ANDY: That's a great question. I talked about this already, but the wiffle ball golf. We spent hours doing this as kids. Before I started caddying, my summer was just, I would just ride my bike to the golf course and be there all day long. More recently, I think I play a lot of business golf, and I play a lot of golf for my job. And I think people don't realize I replaced my hobby with my profession.
MASON: Right.
ANDY: Last summer, I went up, and there's a course near me called the Meadow Club. And I know a lot of people over there that work and belong there, but it was a Monday, and I said to my wife, "I really need to just go play golf." And I went up on this beautiful Monday afternoon, the club was closed, and I was like the only one out there.
And I played in two and a half hours. And it was just this beautiful night. There was like this misty nature in the air, and the sun was going down. It's up in the mountains. And like the idea of walking in nature, being just alone with your thoughts. And it's I played for score. I don't really play for score very much anymore.
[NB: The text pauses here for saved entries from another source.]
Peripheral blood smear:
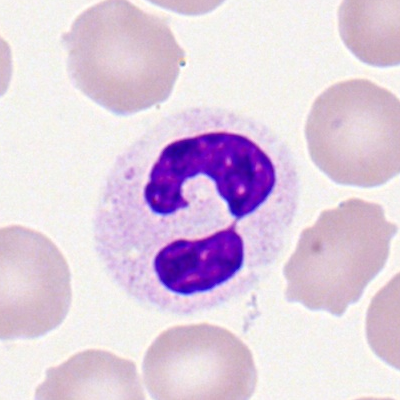The cell is polymorphonuclear neutrophil.
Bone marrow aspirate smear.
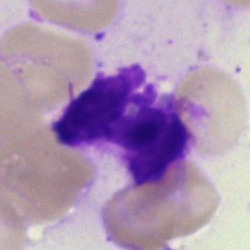
Morphology consistent with an artifact.
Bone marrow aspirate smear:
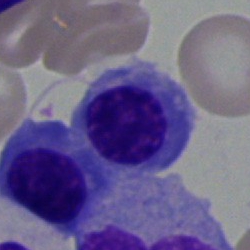

Nucleated red blood cell.
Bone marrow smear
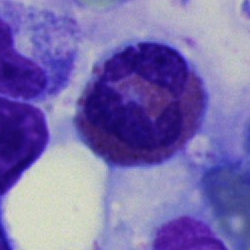
Morphology → eosinophil.
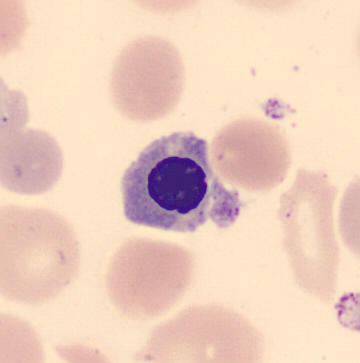
Specimen: peripheral blood film.
Cell: nucleated red cell.
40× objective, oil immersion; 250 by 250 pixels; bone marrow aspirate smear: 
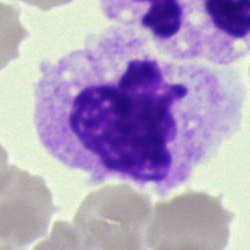
The morphological class is polymorphonuclear neutrophil.
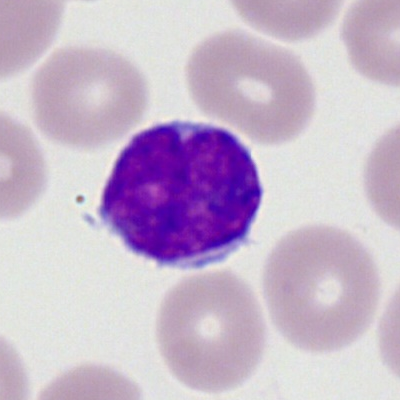

{"cell_type": "typical lymphocyte"}
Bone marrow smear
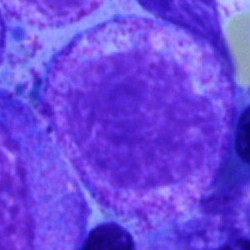

Specimen: bone marrow smear.
Morphological class: myelocyte.
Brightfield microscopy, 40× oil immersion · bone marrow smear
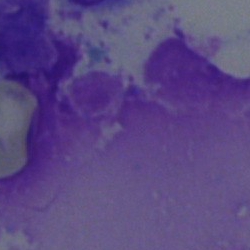
Single cell identified as an artefact.
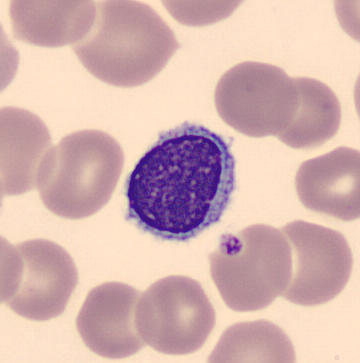 Image: Peripheral blood smear · automated cell imaging (CellaVision DM96). The classification is typical lymphocyte.
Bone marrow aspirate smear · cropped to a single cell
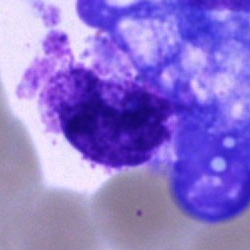
The cell type is artifact.
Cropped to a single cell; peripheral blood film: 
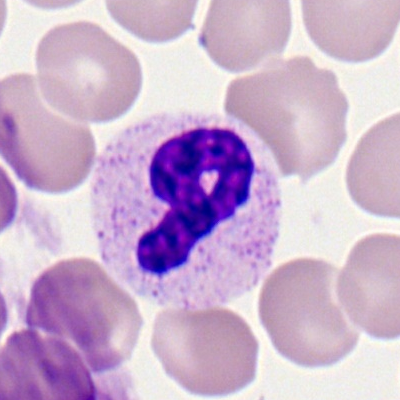 Showing a neutrophil (segmented).
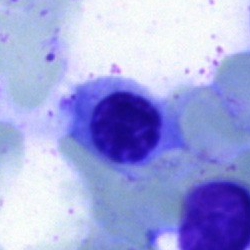

Q: What is the morphological classification of this cell?
A: This is an erythroblast.
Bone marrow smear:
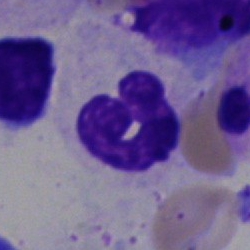
Morphological class = segmented neutrophil.
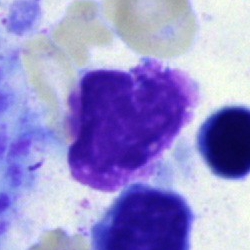
An artefact on a bone marrow smear.
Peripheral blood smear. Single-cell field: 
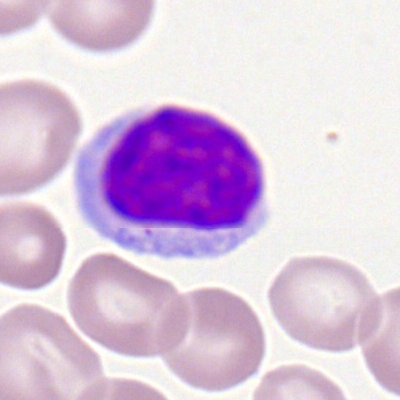 Specimen: peripheral blood smear.
Cell: typical lymphocyte.
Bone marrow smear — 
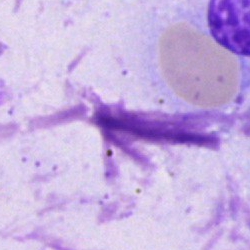

Showing an artifact.
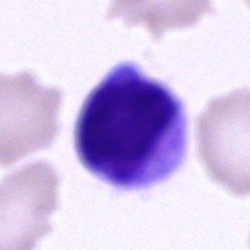Q: What cell is this?
A: It is an unidentifiable cell.
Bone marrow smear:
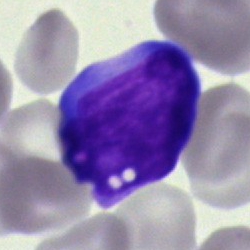
Specimen: bone marrow aspirate smear.
Cell type: blast.
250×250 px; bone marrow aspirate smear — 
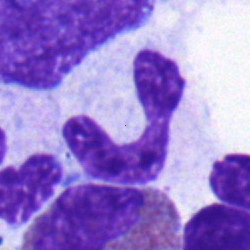Morphological class = neutrophil (band).
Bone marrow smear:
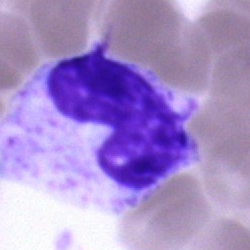The cell is band neutrophil.
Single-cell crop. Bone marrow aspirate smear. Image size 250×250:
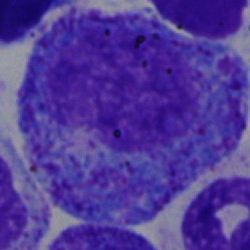
Morphology — promyelocyte.
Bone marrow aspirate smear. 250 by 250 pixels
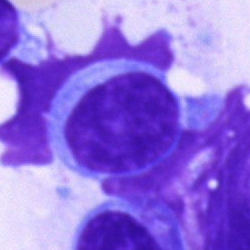 Morphological class — lymphocyte.
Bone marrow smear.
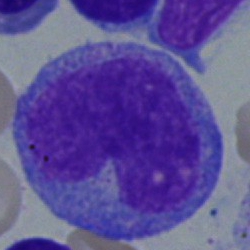

Cell = progranulocyte.
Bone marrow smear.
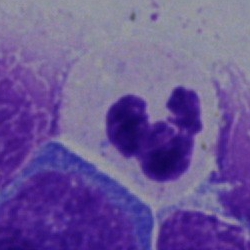
Cell type — polymorphonuclear neutrophil.
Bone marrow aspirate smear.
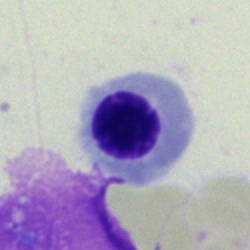

The cell shown is a normoblast.
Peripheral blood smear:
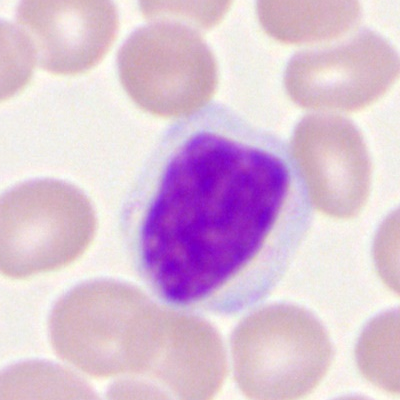

Classification: lymphocyte.
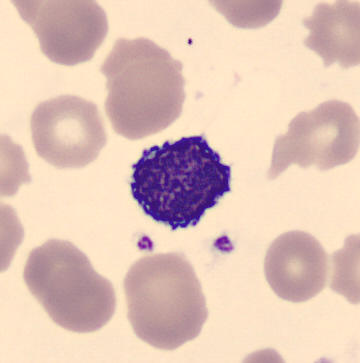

But I really like I was out there grinding myself.
MASON: By yourself. Yeah.
ANDY: Yeah, and I was just like, I played great, and I had this great afternoon. One of the things I love about that place, my cell phone doesn't work there. It like just doesn't work. I don't get service. So it's nobody could get a hold of me. I was up there for two and a half hours, and I played all 18 holes by myself, walking in this beautiful place on this beautiful night. And like it was just me against the golf course. And I think that's one of the things that I've grown to appreciate is just the nature of golf and how it prepares you for other difficult things that you encounter in life.
Years ago, I qualified for a U.S. Mid Am, and the year before I had made a mess the last couple holes, like everybody, I choked and missed. I was qualifying in Indianapolis. I lived in Chicago at the time, and I had this just three-hour drive where I was just like …
MASON: To think about that?
ANDY: Yeah, replaying the double-double finish to miss by one or two. And the next year, I was playing OK. I was not playing nearly as well as the year before, but I just finished. I finished the round. I got it done. I fought through like some scrappy ball striking. I found something on the back nine and I birdied three out of my last four holes.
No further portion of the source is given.